R Code Documentation

Introduction

This document provides documentation for the R code used to create a data visualization plot.

Code Overview

The R code in question is used to create a data visualization plot that compares union and non-union wages over the years, with a focus on demographics. It uses the 'ggplot2' package for data visualization and 'showtext' for font handling.

Data Source

The code reads data from an external CSV file using the 'readr' package.

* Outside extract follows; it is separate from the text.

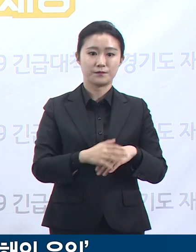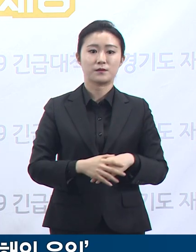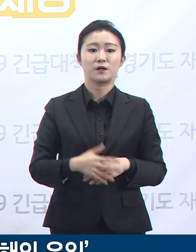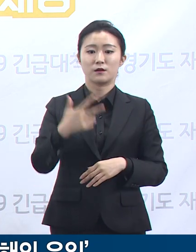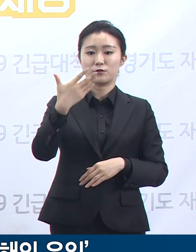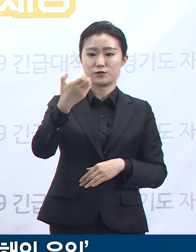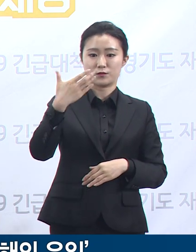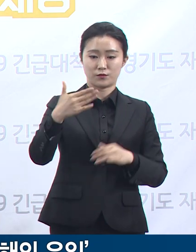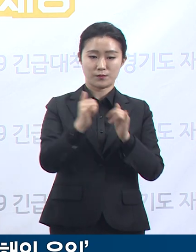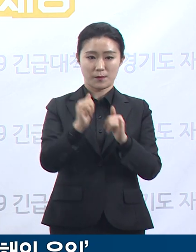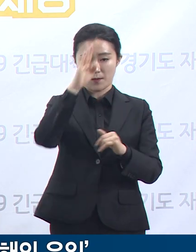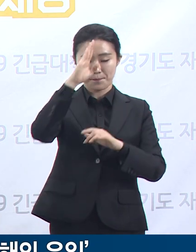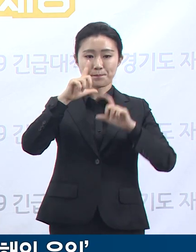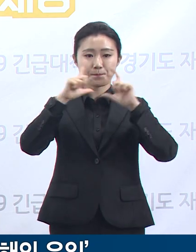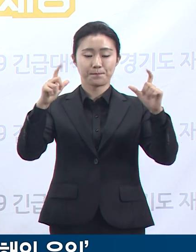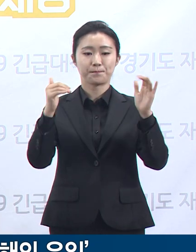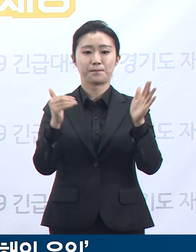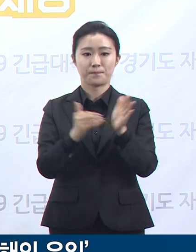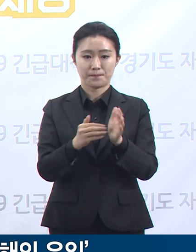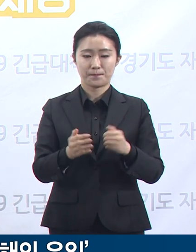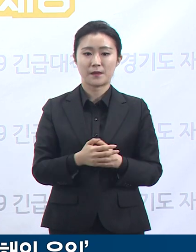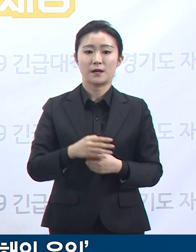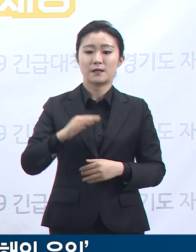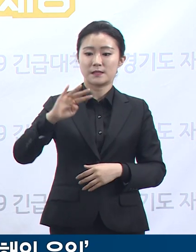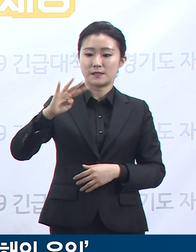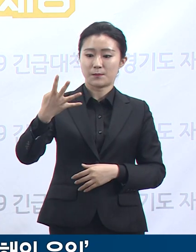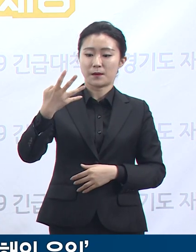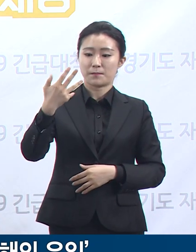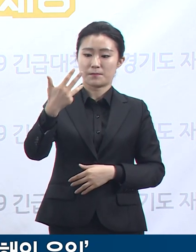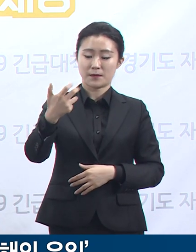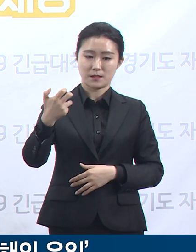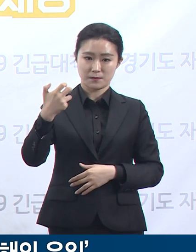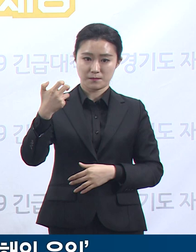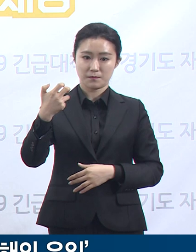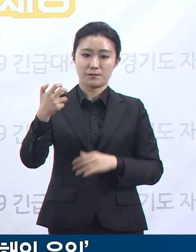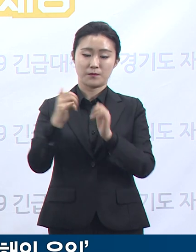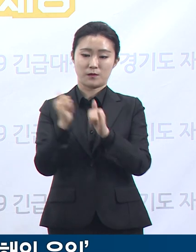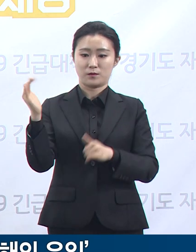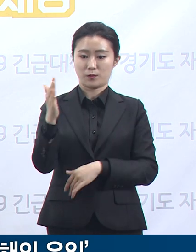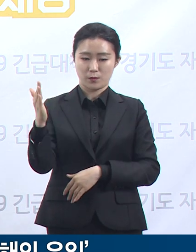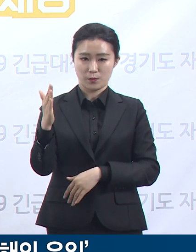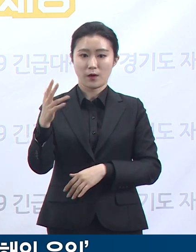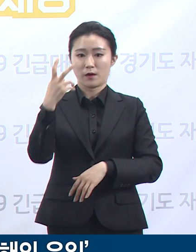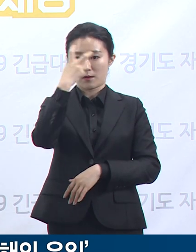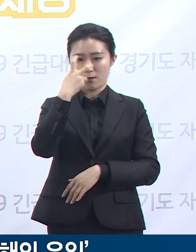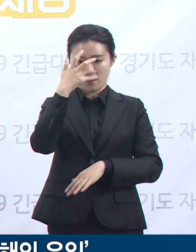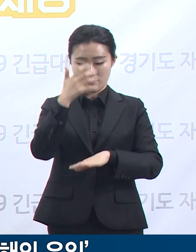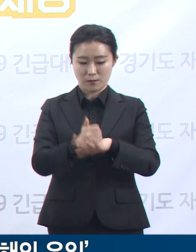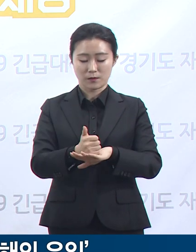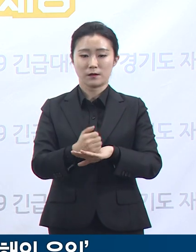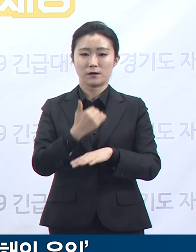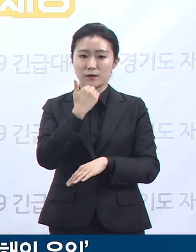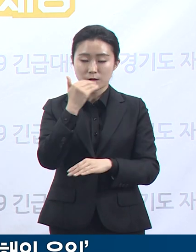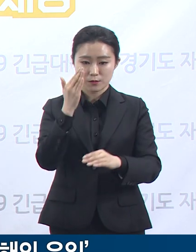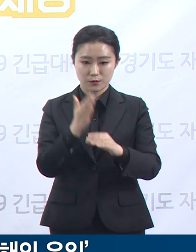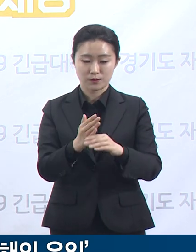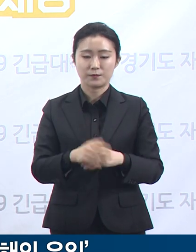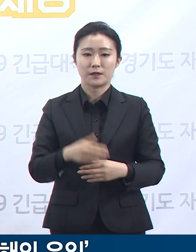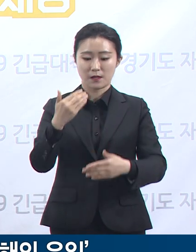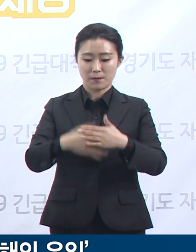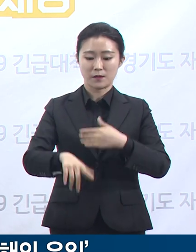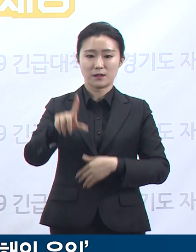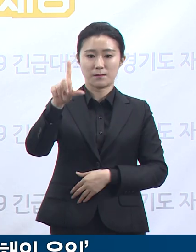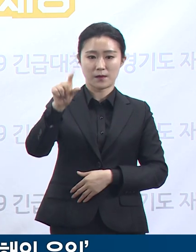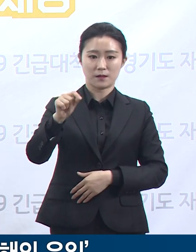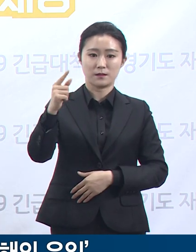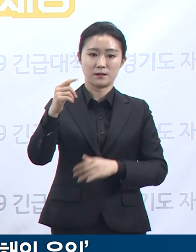판정을 받았고 488명은 결과를 기다리는 중입니다. 나머지 1만 954명에 대해서도 검사를 받을 수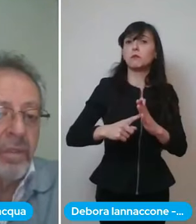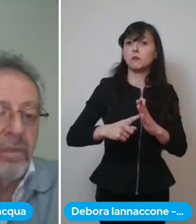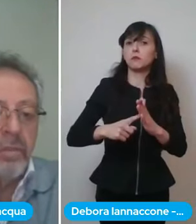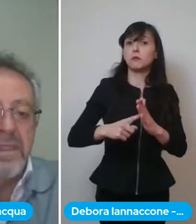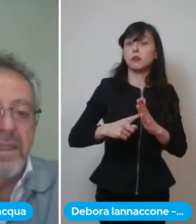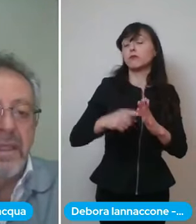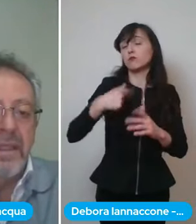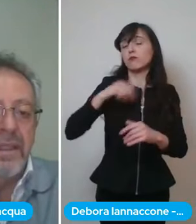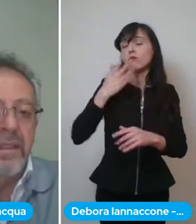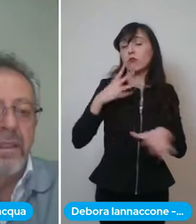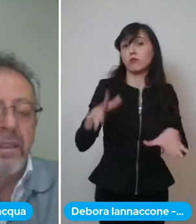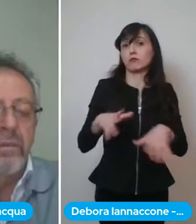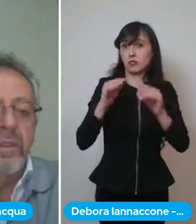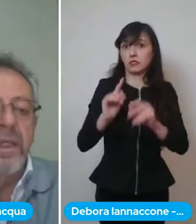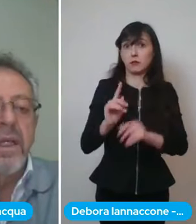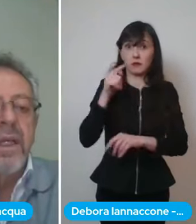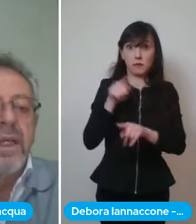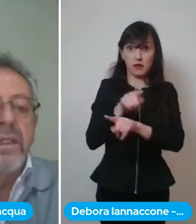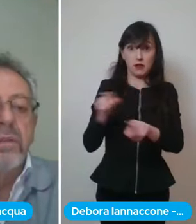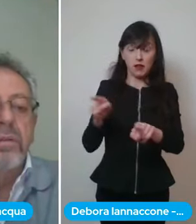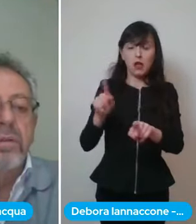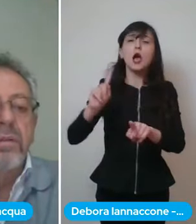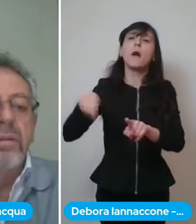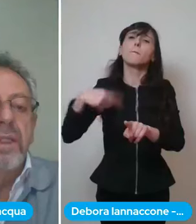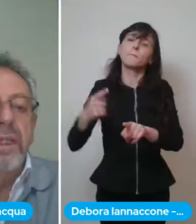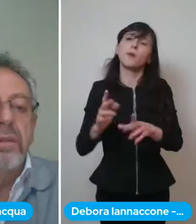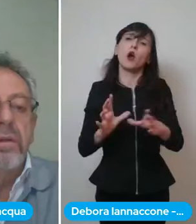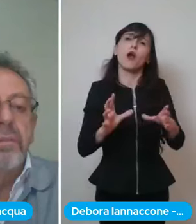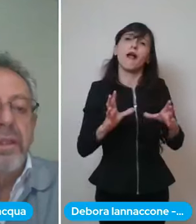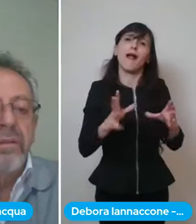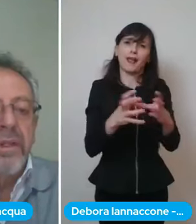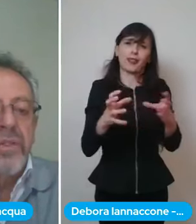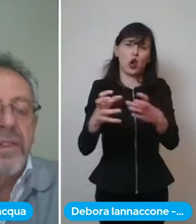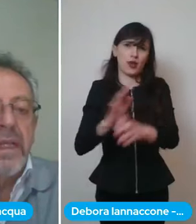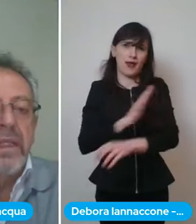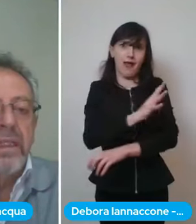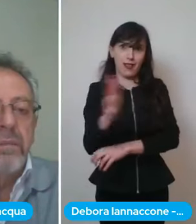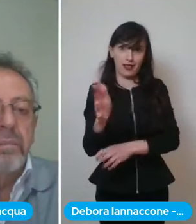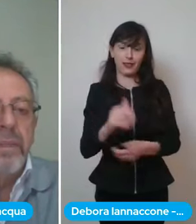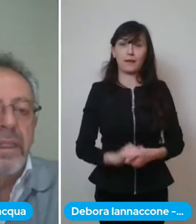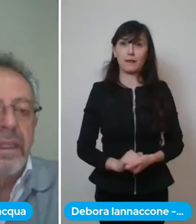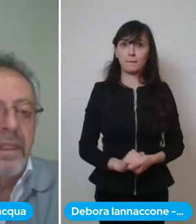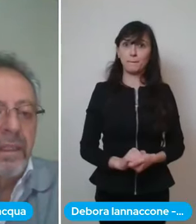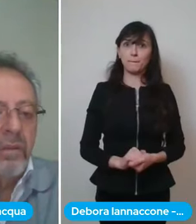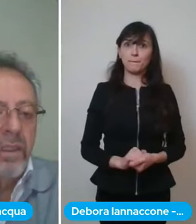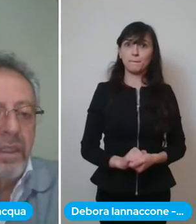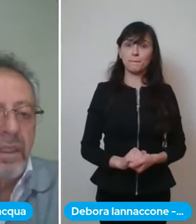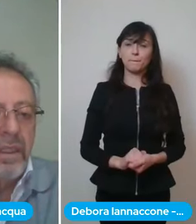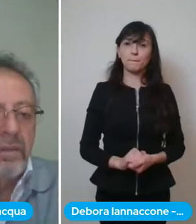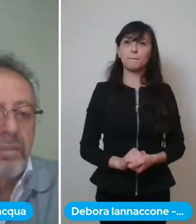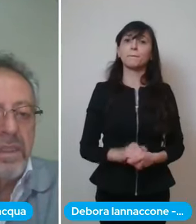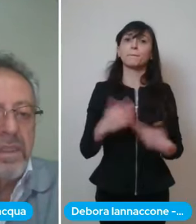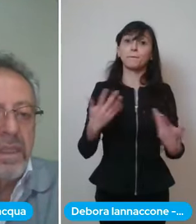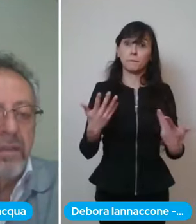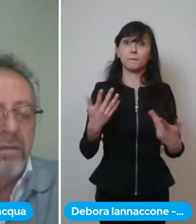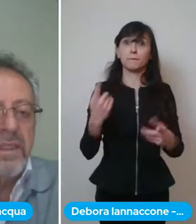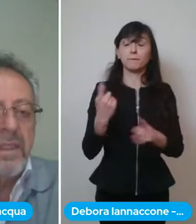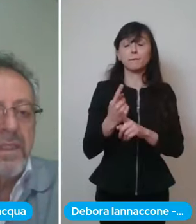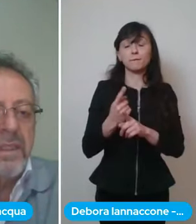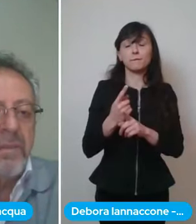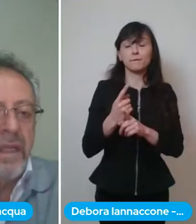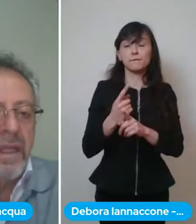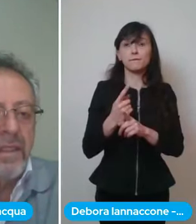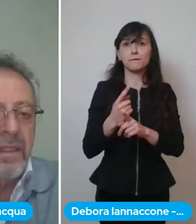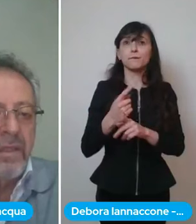fragili poi passare ad altre categorie tenuto conto che il nuovo piano vaccinale per le categorie che non presentano

The data source is a CSV file hosted on GitHub, containing wage-related information.

Code Components

  • Loading Libraries: The code starts by loading necessary R libraries, including 'tidyverse', 'tidytuesdayR', 'showtext', 'glue', and 'ggtext'.
  • Loading Fonts and Colors: Custom fonts and color variables are defined and loaded to be used in the plot.
  • Data Filtering: The code filters the data to create two data frames ('df' and 'df2') based on specific criteria.
  • Title and Subtitle Creation: Functions for generating the title and subtitle of the plot are defined, incorporating variables and fonts.
  • Plot Creation: The 'ggplot' function is used to create the plot, including bar-like structures representing wage ranges, points indicating mean hourly earnings, and various visual elements.
  • Styling: The code applies styles and themes to the plot, including font families, colors, and margins.

Output

The output of the code is a dumpbell chart that visually represents the comparison of union and non-union wages over the years for different demographics.